Learn more about the Hadoop Distributed File System HDF5 Connector (an Enterprise Support add on)


#1

We’ve recently put together a deep dive into the Hadoop Distributed File System HDF5 Connector, one of the add-on modules thats included with Enterprise Support. The HDFS HDF5 Connector is a virtual file driver that allows you to use HDF5 command line tools to extract metadata and raw data from HDF5 and NetCDF4 files on HDFS, and use Hadoop streaming to collect data from multiple HDF5 files.

At the link below, you’ll find a brief demo video, as well as text and code snippets for the video content. The installation guide and user’s guide are also posted on this page:

https://www.hdfgroup.org/solutions/enterprise-support/hadoop-hdfs-hdf5-connector

We will be developing similar content for some of the other modules currently included with Enterprise Support and will share as they become available. If you have any questions about Enterprise Support, please feel free to get in touch with us.


#2

Cool!

With my training hat on, am wondering what technologies you used to produce this training video? Was the audio scripted ahead of time? Sheesh, with the wrong font, HDF5 and HDFS are indistinguishable :wink:

No to the point of the video…

  • How a very large HDF5 files split across HDFS blocks? Does the hdfs vfd handle this splitting?
  • Is the main parallel modality here, multiple file based? Or, can you parallelize across a single, very large dataset for example? Or, many datasets in a single large file.

#3

Mark, the VFD is read-only, at the moment. A very large (or small) HDF5 file would get into HDFS via some form of hdfs -[put,copyFromLocal] -Ddfs.block.size=.... (The VFD is not involved in the copy operation.)

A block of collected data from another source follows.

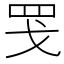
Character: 𫻬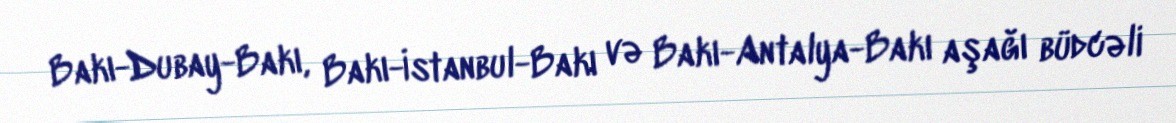
Bakı-Dubay-Bakı, Bakı-İstanbul-Bakı və Bakı-Antalya-Bakı aşağı büdcəli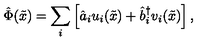
{ \hat { \Phi } } ( { \tilde { x } } ) = \sum _ { i } \left[ { \hat { a } } _ { i } u _ { i } ( { \tilde { x } } ) + { \hat { b } } _ { i } ^ { \dag } v _ { i } ( { \tilde { x } } ) \right] ,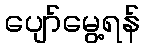
ပျော်မွေ့ရန်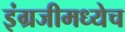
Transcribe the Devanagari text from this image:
इंग्रजीमध्येच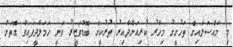
މި މައްސަލައިގެ ތަހުގީގު މިހާރު ކުރިއަށްދާއިރު ތުރުކީގެ ބޮޑުވަޒީރު ވަނީ ހަމަލާދީފައިވާ ގޮތަށް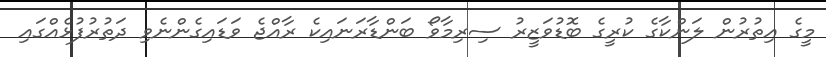
މީގެ އިތުރުން ލަންކާގެ ކުރީގެ ބޮޑުވަޒީރު ސިރިމާވޯ ބަންޑާރަނައިކެ ރާއްޖެ ވަޑައިގެންނެވި ދަތުރުފުޅެއްގައި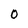
Character: O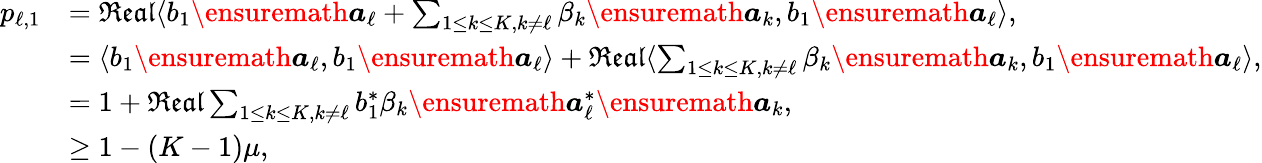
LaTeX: \begin{array}{rl}{p_{\ell,1}}&{=\mathfrak{Real}\langle b_{1}\ensuremath{\boldsymbol{a}}_{\ell}+\sum_{1\leq k\leq K,k\neq\ell}\beta_{k}\ensuremath{\boldsymbol{a}}_{k},b_{1}\ensuremath{\boldsymbol{a}}_{\ell}\rangle,}\\ &{=\langle b_{1}\ensuremath{\boldsymbol{a}}_{\ell},b_{1}\ensuremath{\boldsymbol{a}}_{\ell}\rangle+\mathfrak{Real}\langle\sum_{1\leq k\leq K,k\neq\ell}\beta_{k}\ensuremath{\boldsymbol{a}}_{k},b_{1}\ensuremath{\boldsymbol{a}}_{\ell}\rangle,}\\ &{=1+\mathfrak{Real}\sum_{1\leq k\leq K,k\neq\ell}b_{1}^{*}\beta_{k}\ensuremath{\boldsymbol{a}}_{\ell}^{*}\ensuremath{\boldsymbol{a}}_{k},}\\ &{\geq 1-(K-1)\mu,}\end{array}
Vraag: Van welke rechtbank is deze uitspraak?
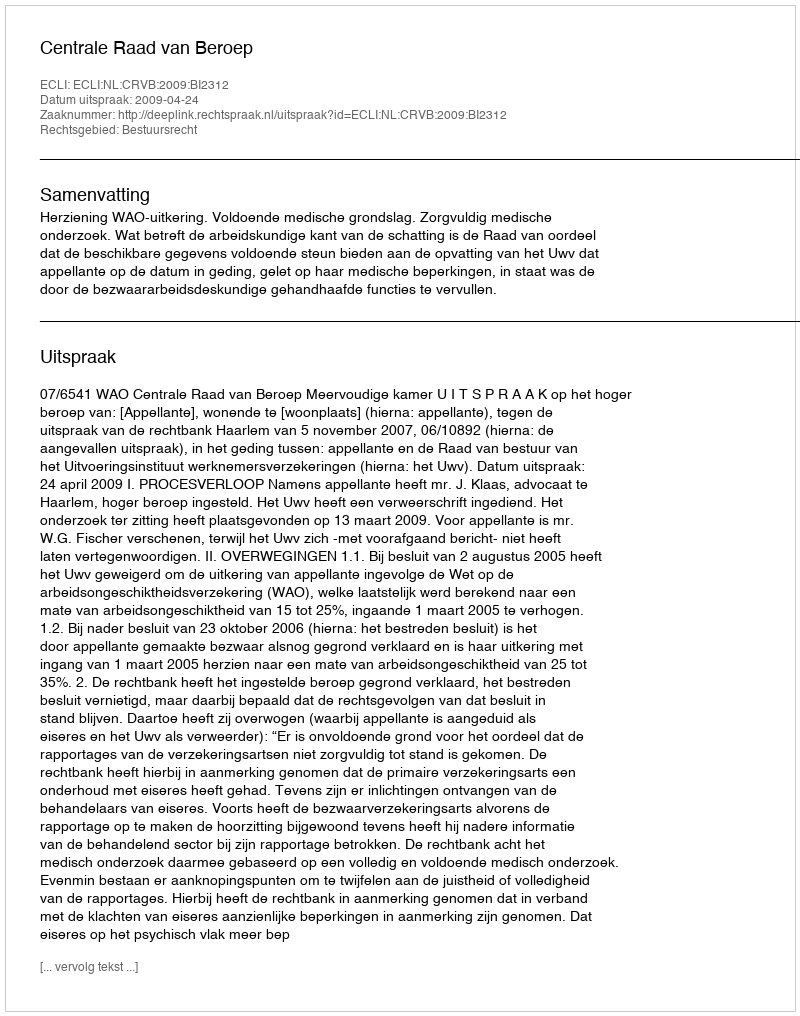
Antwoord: Centrale Raad van Beroep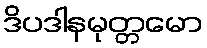
ဒိပဒါနမုတ္တမော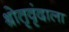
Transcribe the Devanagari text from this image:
श्रोतृवृंदाला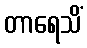
တာရေသိံ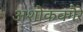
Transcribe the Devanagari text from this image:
अशोकवगैरे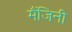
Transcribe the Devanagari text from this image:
मैंजिनी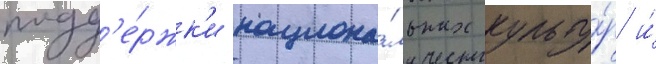
подд'е́ржк'и национа́льных культу́р и́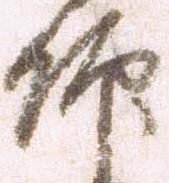
仰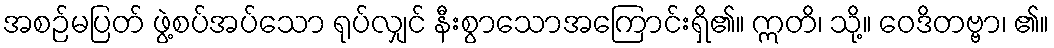
အစဉ်မပြတ် ဖွဲ့စပ်အပ်သော ရုပ်လျှင် နီးစွာသောအကြောင်းရှိ၏။ ဣတိ၊ သို့။ ဝေဒိတဗ္ဗာ၊ ၏။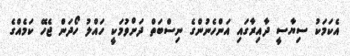
އެކަމަކު ސިޔާސީ ދާއިރާގައި އަންހެނުންގެ ނިސްބަތް ދަށްވުމަކީ ހައްލު ހޯދަން ޖެހޭ ކަމެއްގެ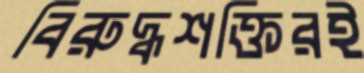
বিরুদ্ধশক্তিরই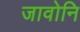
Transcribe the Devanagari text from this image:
जावोनि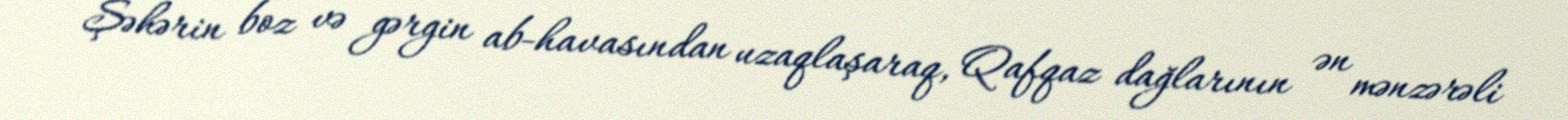
Şəhərin boz və gərgin ab-havasından uzaqlaşaraq, Qafqaz dağlarının ən mənzərəli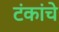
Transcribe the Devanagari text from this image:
टंकांचे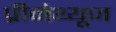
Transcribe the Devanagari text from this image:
प्रीमेथ्यूज
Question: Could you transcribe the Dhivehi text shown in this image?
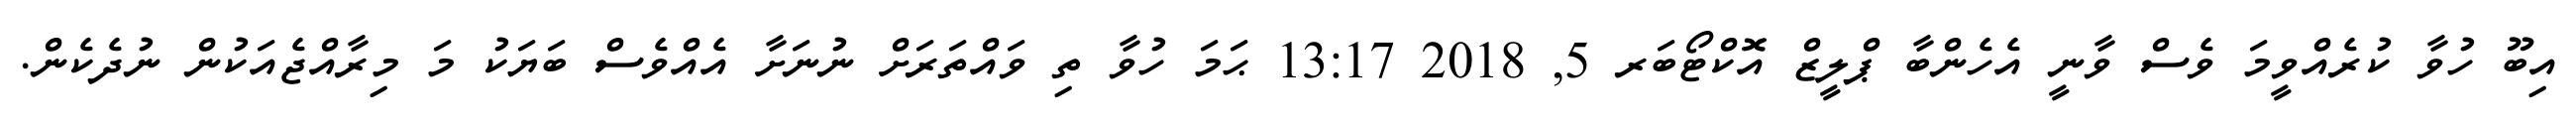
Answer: އިބޫ ހުވާ ކުރެއްވީމަ ވެސް ވާނީ އެހެންބާ ޕްލީޒް އޮކްޓޯބަރ 5, 2018 13:17 ޙަމަ ހުވާ ތި ވައްތަރަށް ނުނަށާ އެއްވެސް ބަޔަކު މަ މިރާއްޖެއަކުން ނުދެކެން.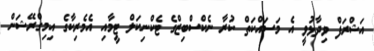
އަޝްރަފް ވިދާޅުވީ އެ މަސައްކަތް ކުރާ ނެކްސްބިޒްގެ ޓެކްނިކަލް ޓީމާއި އެމެރިކާގެ އިމިގްރޭޝަން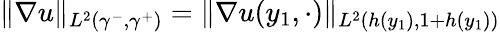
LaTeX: \| \nabla u\| _{L^{2}(\gamma^{-},\gamma^{+})}=\| \nabla u(y_{1},\cdot)\| _{L^{2}(h(y_{1}),1+h(y_{1}))}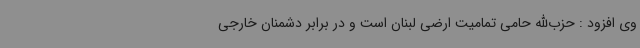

Re: parallelism, the HDF5 constraints are the same as with a “regular” file system. You can access datasets in multiple HDF5 files in parallel, if the (read) requests come from different processes (JVM instances), which would be the case in a clustered setup. Accesses from multiple threads in the same JVM instance will be serialized just as they would in a regular C application. The same applies to a single dataset. You can access it in parallel, as long as the requests come from different processes.

Best, G.


#4

Not often I get to answer a forum question, but I can answer your question on video production. Gerd Heber created the visual, and recorded it with his commentary using GoToMeeting. We got a script by uploading Gerd’s video privately on youtube and grabbing the transcript. Software developer Jake Smith cleaned up and simplified the script and recorded the voice over, providing me with an audio file and some instructions on timing. I did a little editing on the video and added Jake’s audio using iMovie.


#5

Thanks for info. It does sound like there is a bit or a production effort involved there. I might like to chat with you a bit further about this off-line as I am going to be involved in similar work this work for other project(s).